### PROVIDED DATA:
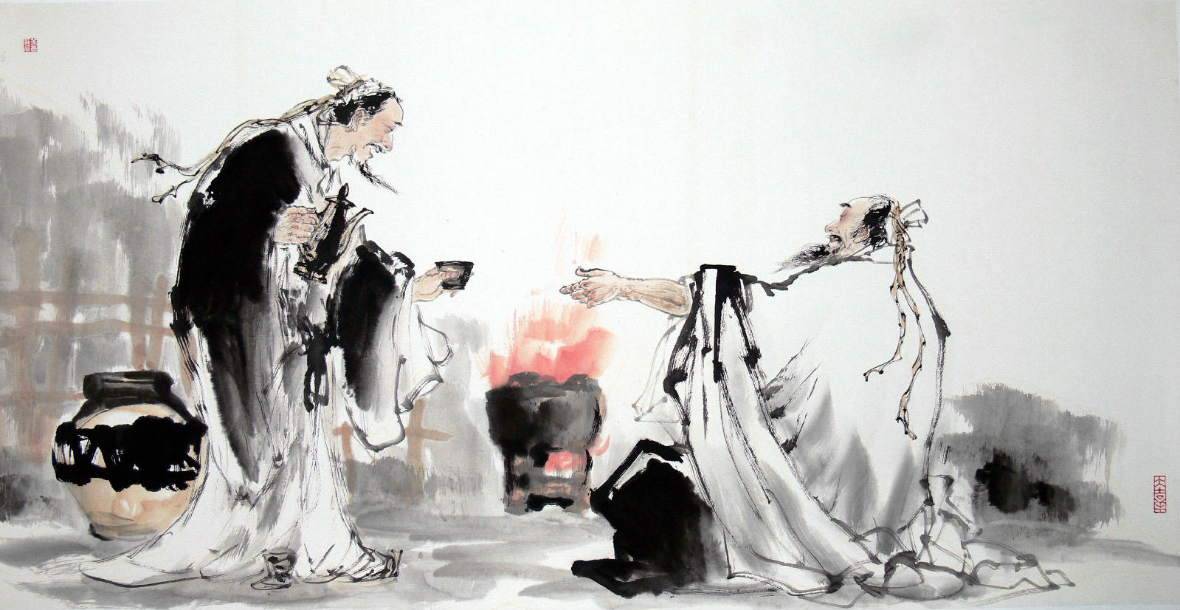
欲持一瓢酒，远慰风雨夕。
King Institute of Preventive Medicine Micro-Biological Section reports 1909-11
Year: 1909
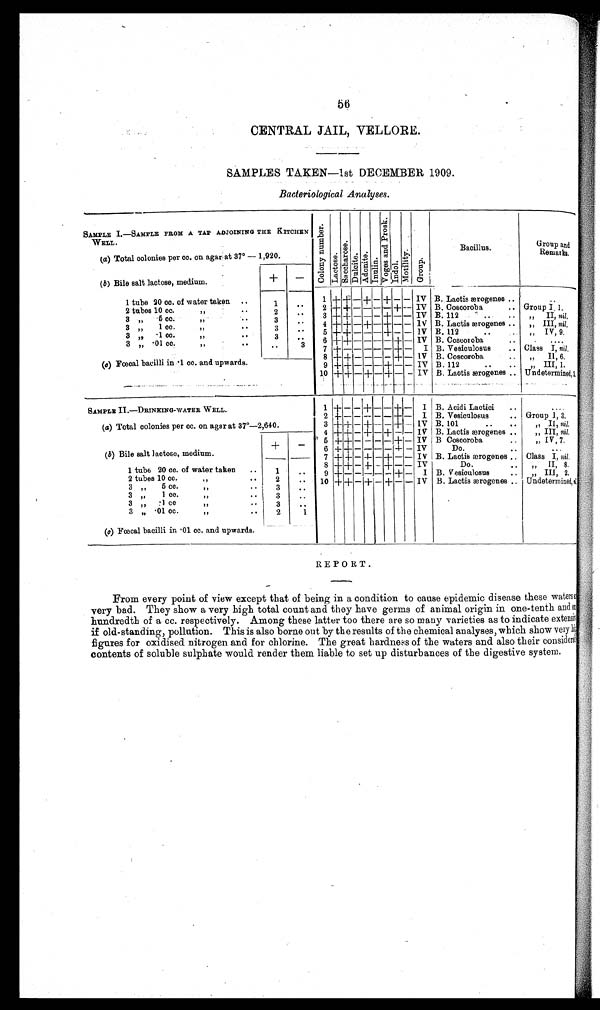
56
CENTRAL JAIL, VELLORE.
SAMPLES TAKEN —1st DECEMBER 1909.
Bacteriological Analyses.
SAMPLE I.
—
SAMPLE FROM A TAP ADJOINING THE KITCHEN
WELL.
C o l o n y n u m b e r . Lact os e.
S a c c h a r o s e .
Du l c i t e . Adoni t e . I n u l i n . V o g e s a n d P r o s k . Indol . Mo t i l i t y . Group.
Bacillus.
Group and
Remarks.
(a) Total colonies per cc. on agar at 37° — 1,920.
(b) Bile salt lactose, medium.
+ —
1 + +
—
+ — + — — IV B. Lactis ærogenes ..
. .
1 tube 20 cc. of water
..
1
. . 2 + + — —
— — +
—
IV B. Coscoroba .. Group I 1.
2 t u b e s 1 0 c c .
, ,
. . 2
. . 3 +
+ — — — + — — IV B.112 .. ..
, , I I ,
n i l .
3 ,, 5 cc. ,,
..
3
. . 4 + + — +
—
+
— —
I V B. Lactis ærogenes ..
, , I I I ,
n i l
.
3 „ 1 cc.
,,
.
.
3
. . 5 + + — — — +
— — IV B. 112 .. ..
„ IV, 9,
3 ,,
cc.
,,
.
.
3
. . 6 + + — — — — + — IV B. Coscroba ..
....
3
, ,
· 0 1 c c .
, ,
. .
. .
3 7 +
— — — — —
+ — I B. Vesiculosus .. Class I, nil.
8 + + —
— —
— + — IV B. Coscoroba .. ,, II, 6.
(c) Fœcal bacilli in ·1 cc. and upwards.
9 + +
— — —
+
— —
IV B. 112 .. ..
, , I I I , 1 .
10 + + — + — + —
—
IV B. Lactis ærogenes .. Undetermined, 3.
SAMPLE II.—DRINKING-WATERW E L L . 1 + — — +
— —
+ — I B. Acidi Lactici ..
. . . .
2 + — — — — — + — I B. Vesiculosus .. Gr oup 1 3.
(a) Total colonies per cc. on agar at 37°—
2,640.
3 + +
—
+
— —
+
—
IV B. 101 .. .. ,, II, nil,
4 + + — + — + — — IV B. Lactis ærogenes .. „ III, n i l .
5 + + — — — — + — IV B Coscoroba ..
, , I V ,
7 .
+ — 6 + + — — —
—
+ — IV
Do. ..
. . .
(b) Bile salt lactose, medium.
7 + + — + — + — — IV B. Lactis ærogenes .. Class I, nil.
8 + + — +
—
+ — — IV
Do. ..
,, II, 8.
1 tube 20 cc. of water taken .. 1
. . 9 +
—
— — —
—
+ — I B. Vesioulosus ..
, , I I I , 2 ,
2 tubes 10 cc. ,, ..
2
. . 10 + + — +
—
+ — — IV B. Lactis ærogenes Undetermined.
3
,, cc.
,, ..
3
. .
3 „ 1 cc.
,, ..
3 ..
3 „ ·1 cc
,, ..
3
. .
3 „ -01 cc. ,, ..
2
1
(c) Fœcal bacilli in ·01 cc and upwards.
REPORT.
From every point of view except that of being in a condition to cause epidemic disease these waters
very bad. They show a very high total count and they have germs of animal origin in one-tenth and or
hundredth of a cc. respectively. Among these latter too there are so many varieties as to indicate extensive
if old-standing, pollution. This is also borne out by the results of the chemical analyses, which show very his
figures for oxidised nitrogen and for chlorine. The great hardness of the waters and also their considers;
contents of soluble sulphate would render them liable to set up disturbances of the digestive system.
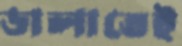
ডালাতেই

### EXERCISE PROMPT:
From the listing above, determine how many lines contain "these", then write only that number.

### OUTPUT FOR THIS EXERCISE:
2